◆ **Exercise objective**: Please make an exact copy of the listing, without the pictures.

◆ **Records for this exercise**:
···
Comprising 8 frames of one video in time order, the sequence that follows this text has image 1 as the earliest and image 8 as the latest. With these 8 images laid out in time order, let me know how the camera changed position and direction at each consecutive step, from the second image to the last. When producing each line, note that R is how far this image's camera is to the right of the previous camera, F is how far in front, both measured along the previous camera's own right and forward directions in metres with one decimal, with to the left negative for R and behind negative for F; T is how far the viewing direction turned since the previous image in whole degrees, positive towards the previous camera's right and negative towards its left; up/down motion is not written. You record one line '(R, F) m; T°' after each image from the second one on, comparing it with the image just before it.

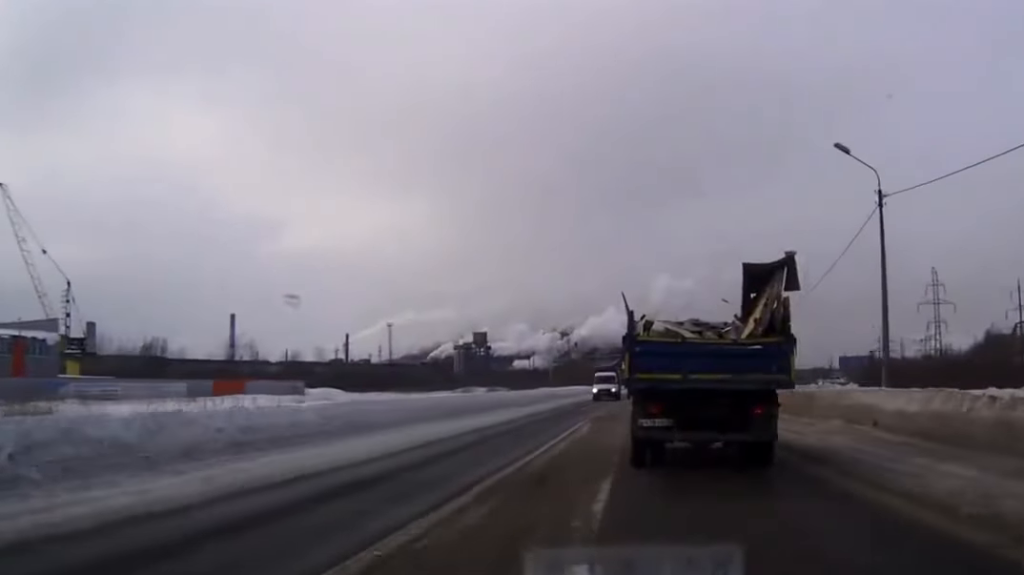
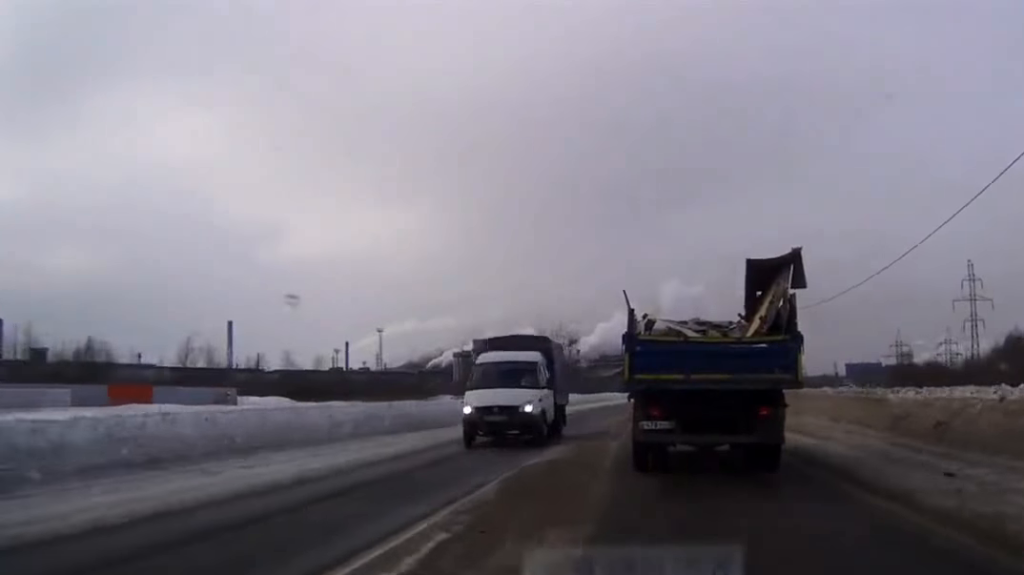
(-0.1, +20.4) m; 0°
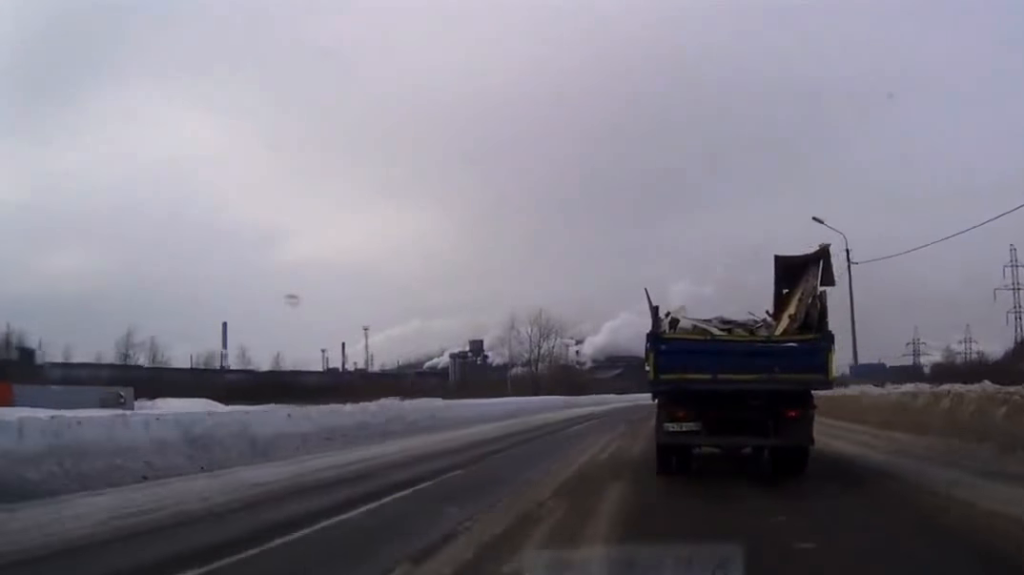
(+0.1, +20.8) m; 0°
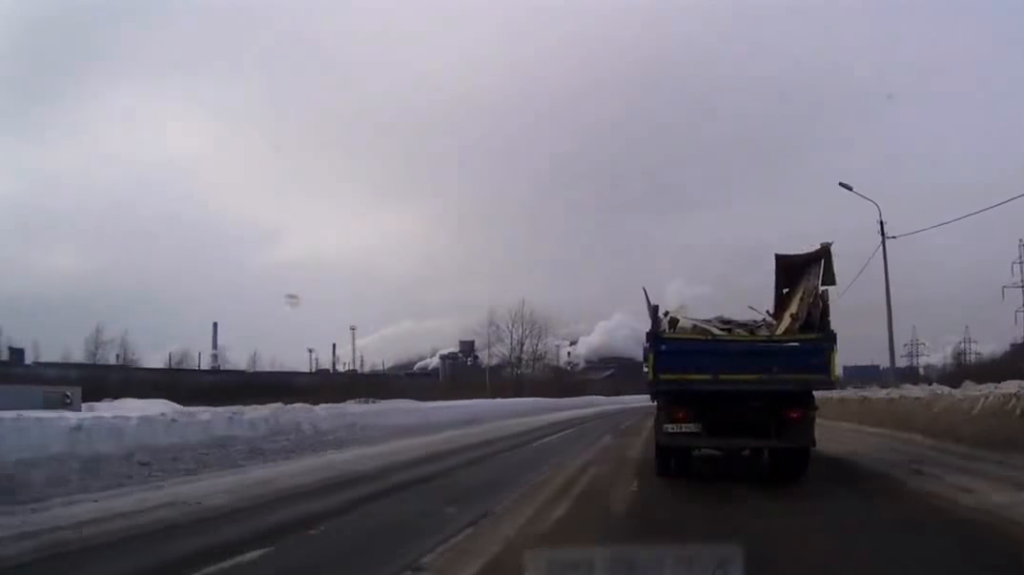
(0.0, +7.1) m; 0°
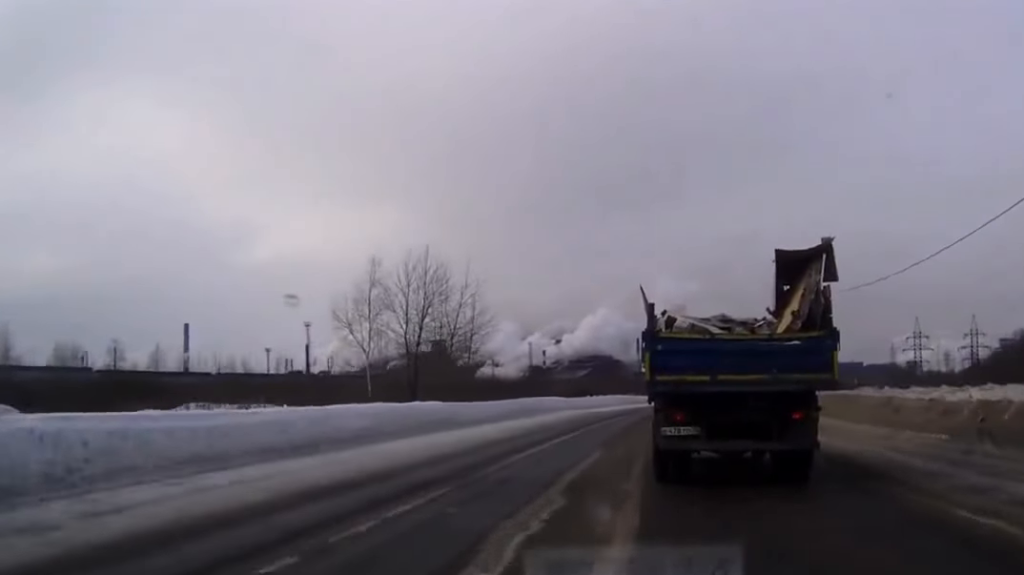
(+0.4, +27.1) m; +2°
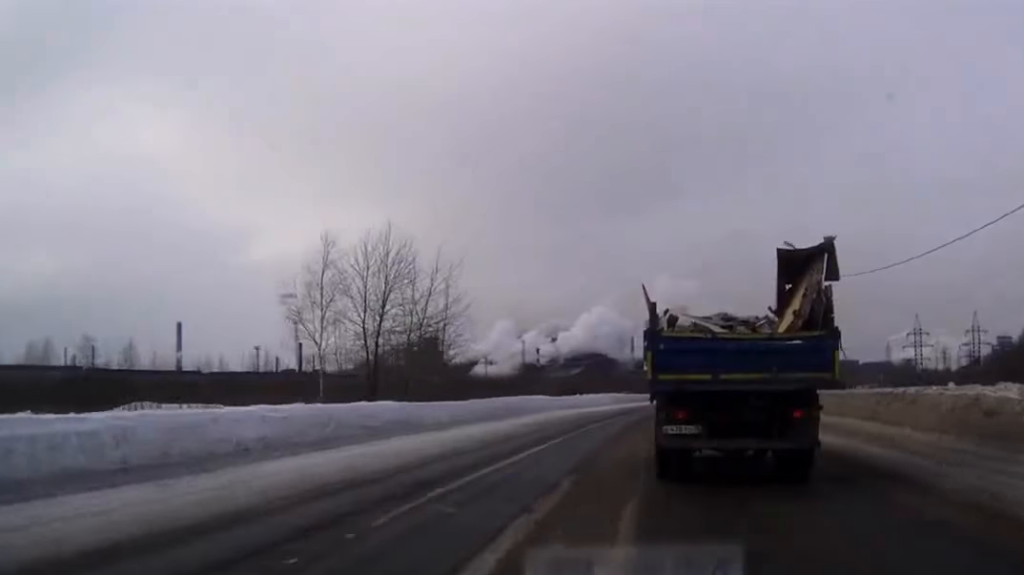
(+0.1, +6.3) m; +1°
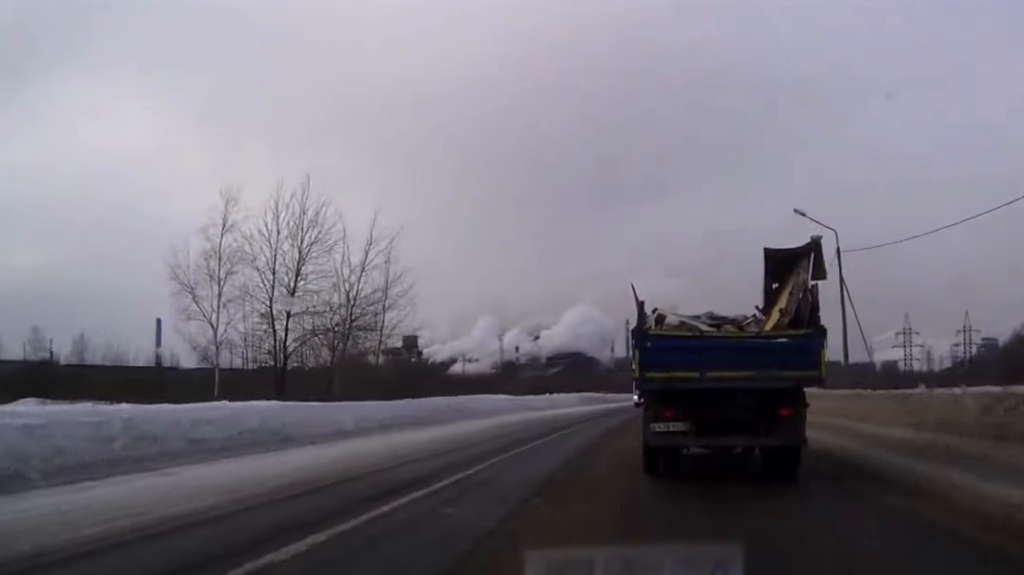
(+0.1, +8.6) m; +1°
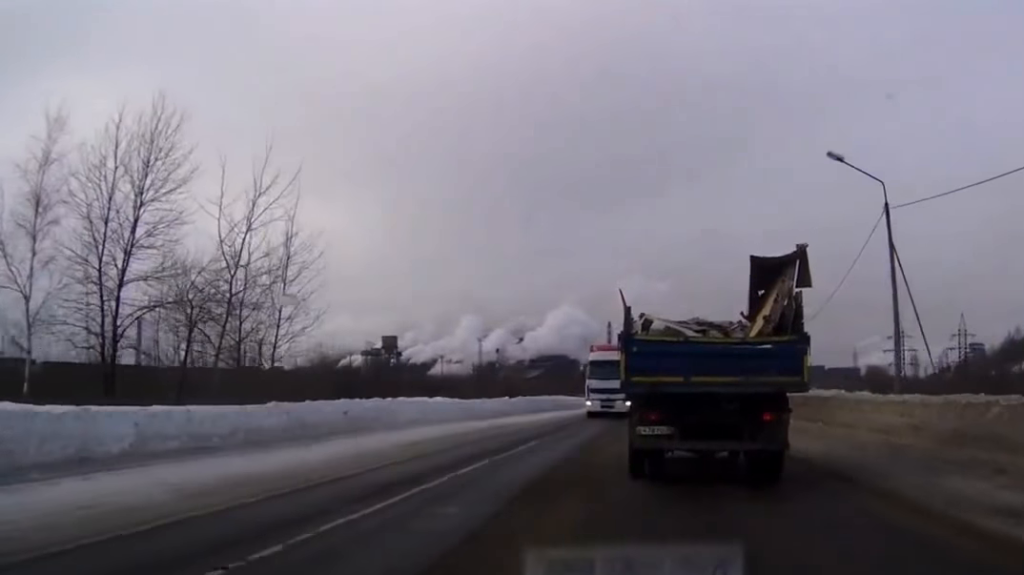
···
◆ **Output of the task**:
Comprising 8 frames of one video in time order, the sequence that follows this text has image 1 as the earliest and image 8 as the latest. With these 8 images laid out in time order, let me know how the camera changed position and direction at each consecutive step, from the second image to the last. When producing each line, note that R is how far this image's camera is to the right of the previous camera, F is how far in front, both measured along the previous camera's own right and forward directions in metres with one decimal, with to the left negative for R and behind negative for F; T is how far the viewing direction turned since the previous image in whole degrees, positive towards the previous camera's right and negative towards its left; up/down motion is not written. You record one line '(R, F) m; T°' after each image from the second one on, comparing it with the image just before it.

(-0.1, +20.4) m; 0°
(+0.1, +20.8) m; 0°
(0.0, +7.1) m; 0°
(+0.4, +27.1) m; +2°
(+0.1, +6.3) m; +1°
(+0.1, +8.6) m; +1°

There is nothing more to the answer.